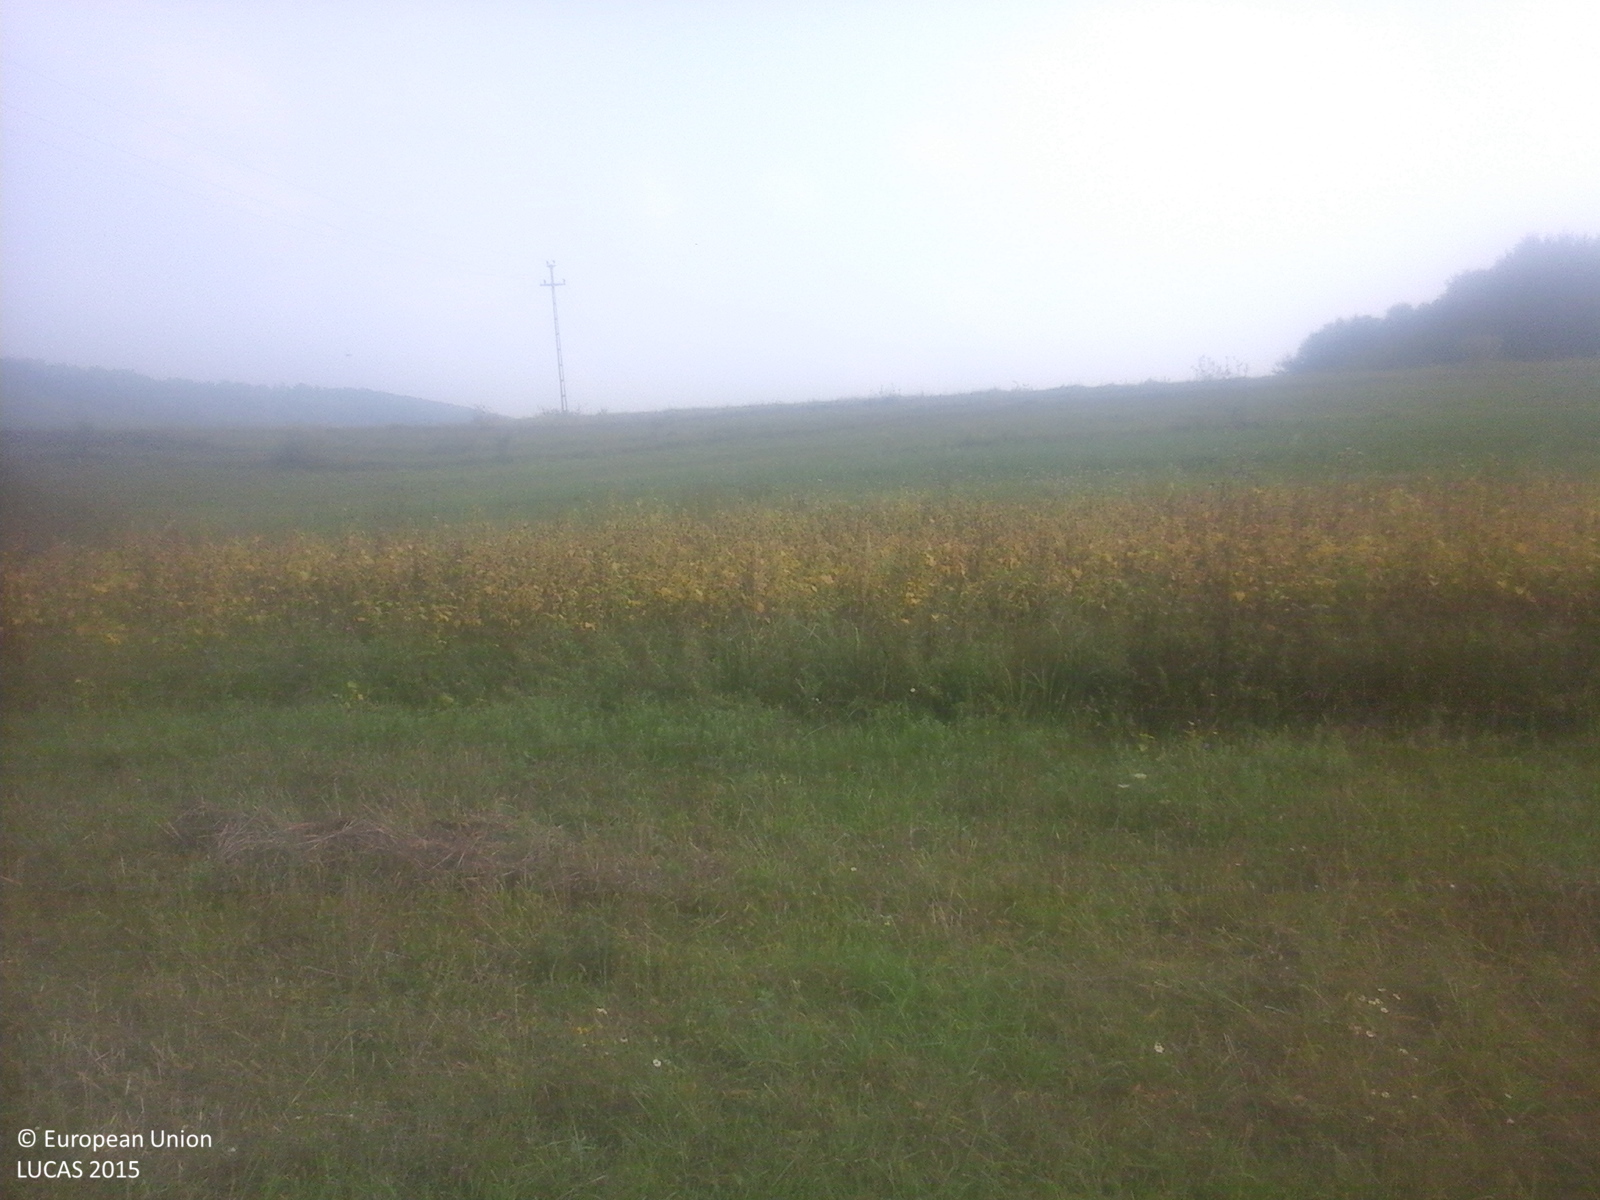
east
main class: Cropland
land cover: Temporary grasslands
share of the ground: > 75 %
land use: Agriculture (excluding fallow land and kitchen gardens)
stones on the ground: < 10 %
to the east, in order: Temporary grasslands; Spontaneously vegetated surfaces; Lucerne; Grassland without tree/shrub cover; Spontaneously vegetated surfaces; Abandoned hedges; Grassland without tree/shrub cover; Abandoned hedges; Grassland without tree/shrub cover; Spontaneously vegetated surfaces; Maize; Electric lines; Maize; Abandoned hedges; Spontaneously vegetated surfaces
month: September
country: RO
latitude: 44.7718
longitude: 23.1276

+---+

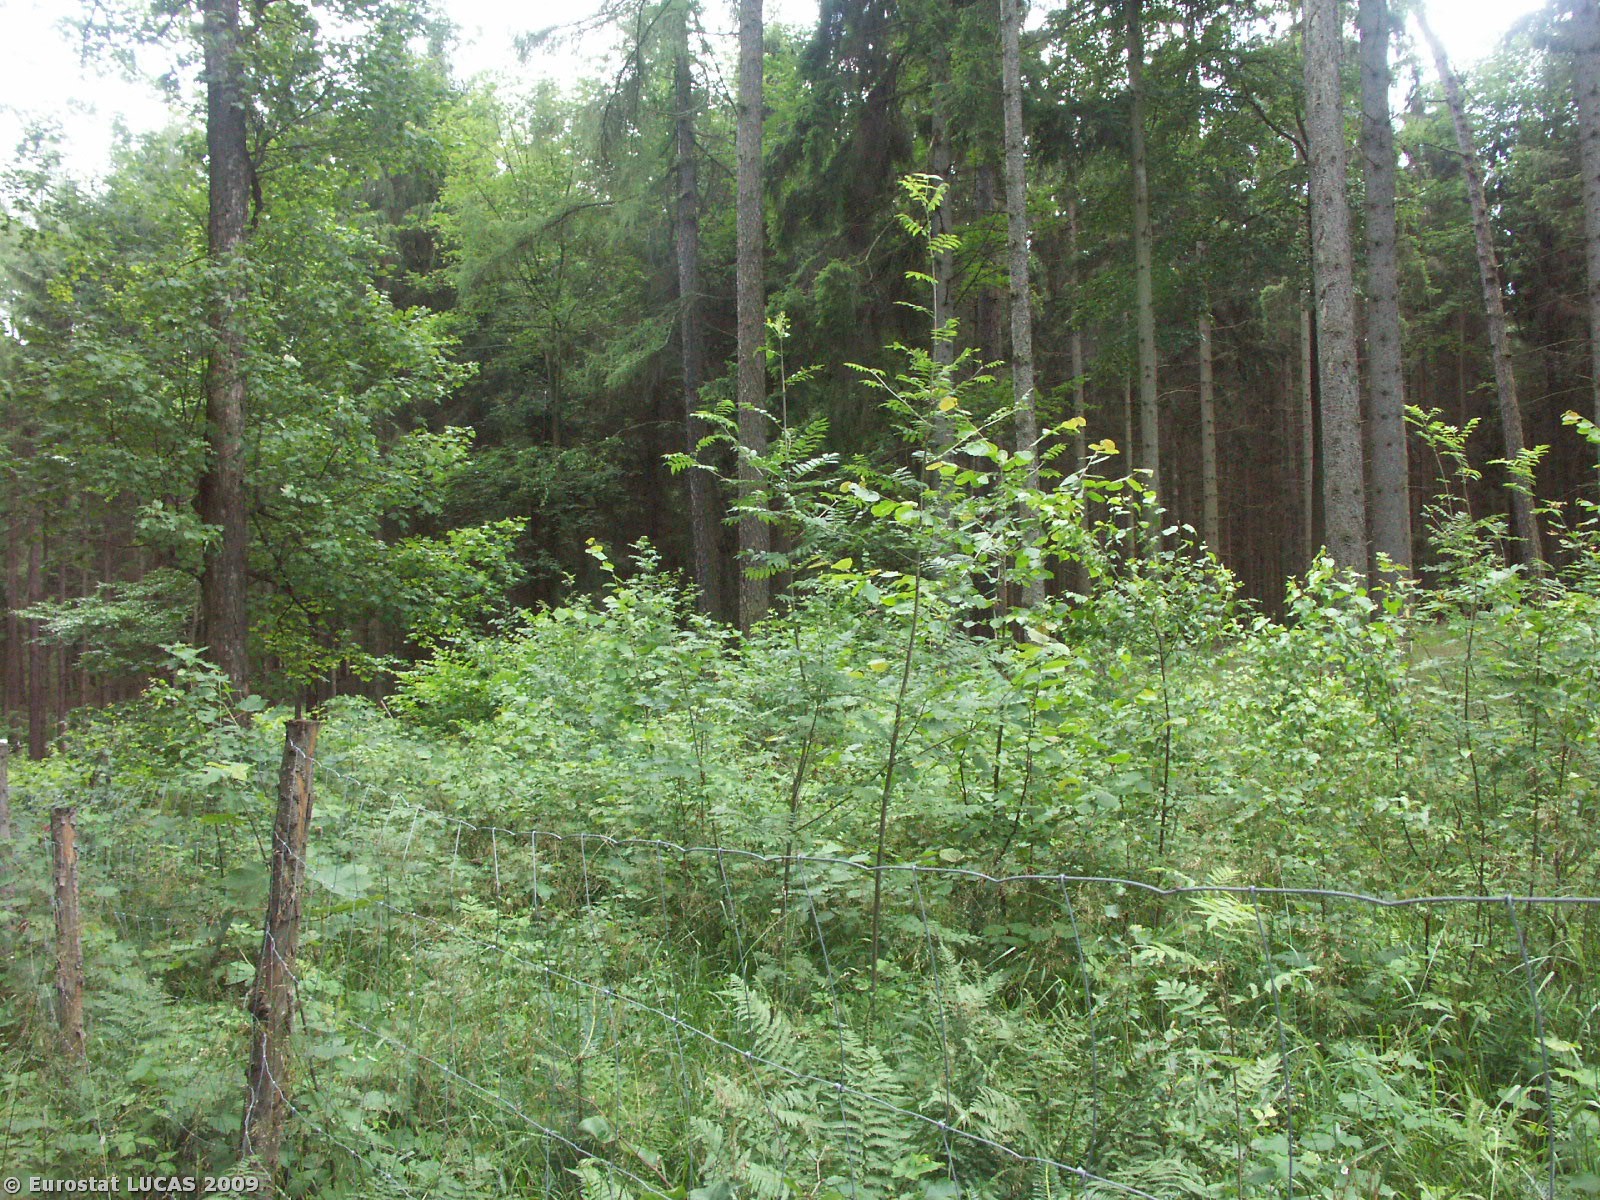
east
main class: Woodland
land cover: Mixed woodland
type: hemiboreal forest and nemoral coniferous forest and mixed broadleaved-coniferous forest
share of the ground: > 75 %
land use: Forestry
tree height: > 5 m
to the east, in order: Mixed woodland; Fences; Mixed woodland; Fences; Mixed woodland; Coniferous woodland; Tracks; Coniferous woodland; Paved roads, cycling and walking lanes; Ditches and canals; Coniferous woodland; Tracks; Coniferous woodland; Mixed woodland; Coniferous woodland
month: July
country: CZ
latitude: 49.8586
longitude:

+---+

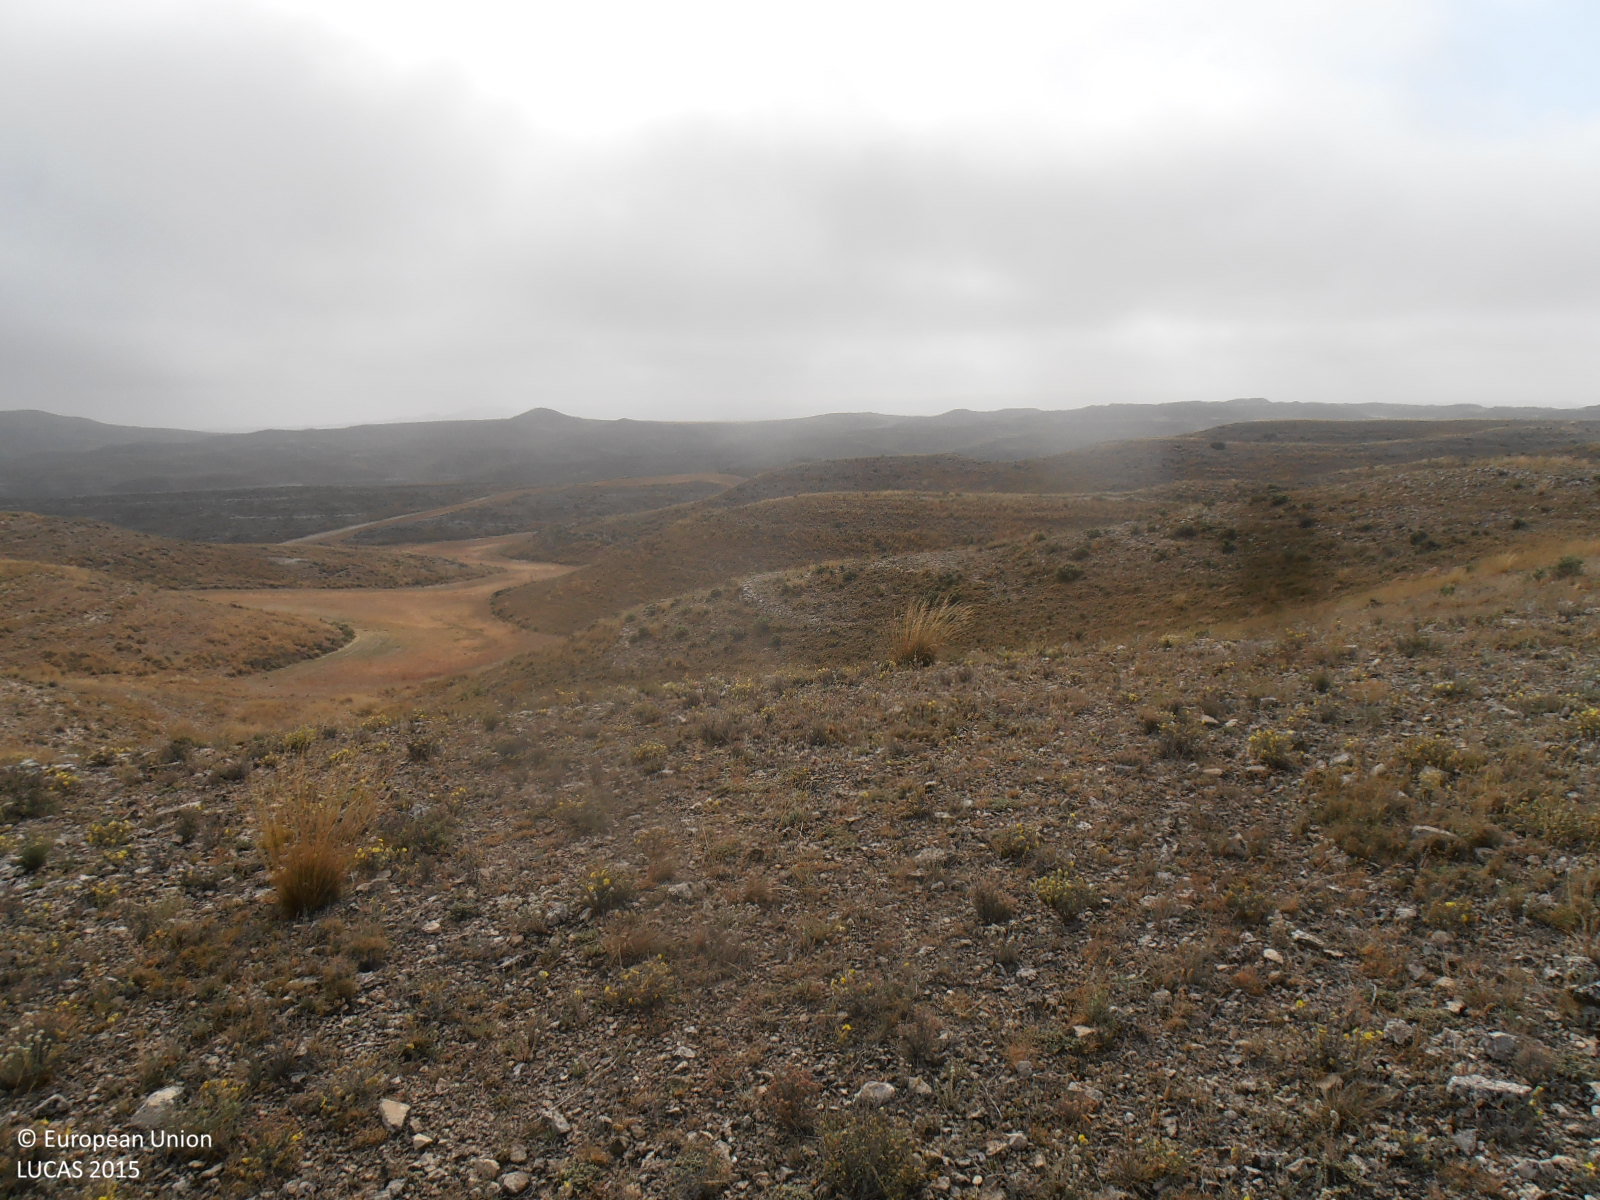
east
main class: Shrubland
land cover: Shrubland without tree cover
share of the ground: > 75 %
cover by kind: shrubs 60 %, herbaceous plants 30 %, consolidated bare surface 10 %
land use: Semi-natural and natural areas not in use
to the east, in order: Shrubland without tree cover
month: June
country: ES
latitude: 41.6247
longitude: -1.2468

+---+

▸ **What is being asked**
Set down only the lines above that fall between the line holding "land use: Agriculture" and the line holding "longitude: 23.1276", inclusive, keeping each exact.

▸ **Solution to the exercise**
land use: Agriculture (excluding fallow land and kitchen gardens)
stones on the ground: < 10 %
to the east, in order: Temporary grasslands; Spontaneously vegetated surfaces; Lucerne; Grassland without tree/shrub cover; Spontaneously vegetated surfaces; Abandoned hedges; Grassland without tree/shrub cover; Abandoned hedges; Grassland without tree/shrub cover; Spontaneously vegetated surfaces; Maize; Electric lines; Maize; Abandoned hedges; Spontaneously vegetated surfaces
month: September
country: RO
latitude: 44.7718
longitude: 23.1276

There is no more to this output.